DATA FOR ANALYSIS: Begin
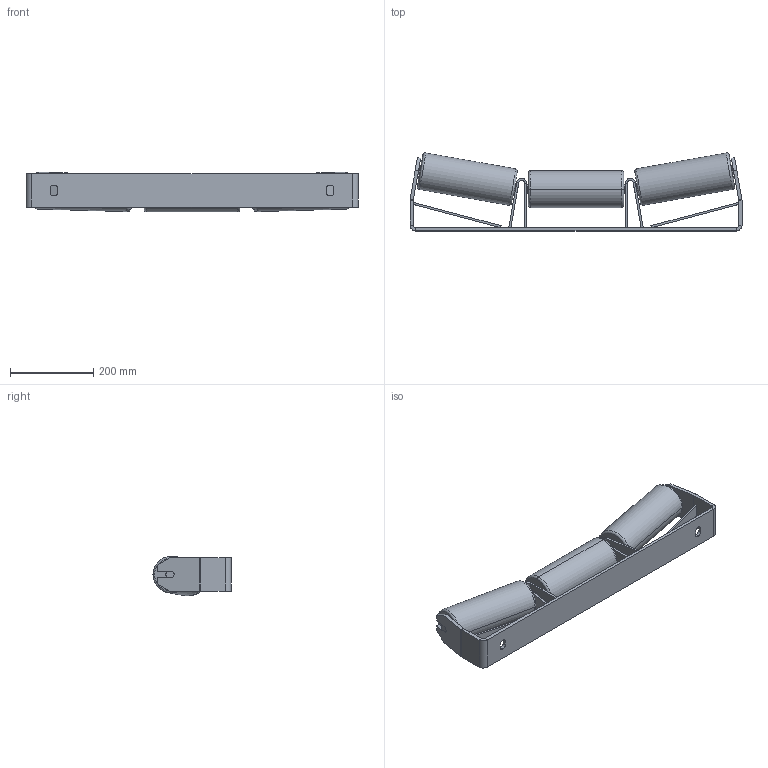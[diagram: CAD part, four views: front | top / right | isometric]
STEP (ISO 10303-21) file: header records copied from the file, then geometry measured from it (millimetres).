
FILE_DESCRIPTION (( 'STEP AP214' ), '1' );
FILE_NAME ('Support SNLM 53300 E100 8 B600 10° avec pincement .step', '2020-02-24T03:41:59', ( '' ), ( '' ), 'SwSTEP 2.0', 'SolidWorks 2019', '' );
FILE_SCHEMA (( 'AUTOMOTIVE_DESIGN' ));
Length unit declared in the file: millimetre
Products named in the file (1): Support SNLM 53300 E100 8 B600 10° avec pincement 
Bounding box: 800 x 188.12 x 95.51 mm (x, y, z)
Volume: 1839000.2 mm3; surface area: 753682.2 mm2
Topology: 8 solids, 11 shells, 293 faces, 714 edges, 456 vertices
Faces by surface type: plane 201, cylinder 63, bspline 17, torus 12
Entity records: 8723 total; most frequent: CARTESIAN_POINT 1685, ORIENTED_EDGE 1428, DIRECTION 1408, EDGE_CURVE 714, LINE 506, VECTOR 506, VERTEX_POINT 456, AXIS2_PLACEMENT_3D 451
DATA FOR ANALYSIS: End
▶ WORK INSTRUCTION
Reproduce the records in full, exactly as they appear, and show none of the pictures.

▶ THE ANSWER
[diagram: CAD part, four views: front | top / right | isometric]
STEP (ISO 10303-21) file: header records copied from the file, then geometry measured from it (millimetres).
FILE_DESCRIPTION (( 'STEP AP214' ), '1' );
FILE_NAME ('Support SNLM 53300 E100 8 B600 10° avec pincement .step', '2020-02-24T03:41:59', ( '' ), ( '' ), 'SwSTEP 2.0', 'SolidWorks 2019', '' );
FILE_SCHEMA (( 'AUTOMOTIVE_DESIGN' ));
Length unit declared in the file: millimetre
Products named in the file (1): Support SNLM 53300 E100 8 B600 10° avec pincement 
Bounding box: 800 x 188.12 x 95.51 mm (x, y, z)
Volume: 1839000.2 mm3; surface area: 753682.2 mm2
Topology: 8 solids, 11 shells, 293 faces, 714 edges, 456 vertices
Faces by surface type: plane 201, cylinder 63, bspline 17, torus 12
Entity records: 8723 total; most frequent: CARTESIAN_POINT 1685, ORIENTED_EDGE 1428, DIRECTION 1408, EDGE_CURVE 714, LINE 506, VECTOR 506, VERTEX_POINT 456, AXIS2_PLACEMENT_3D 451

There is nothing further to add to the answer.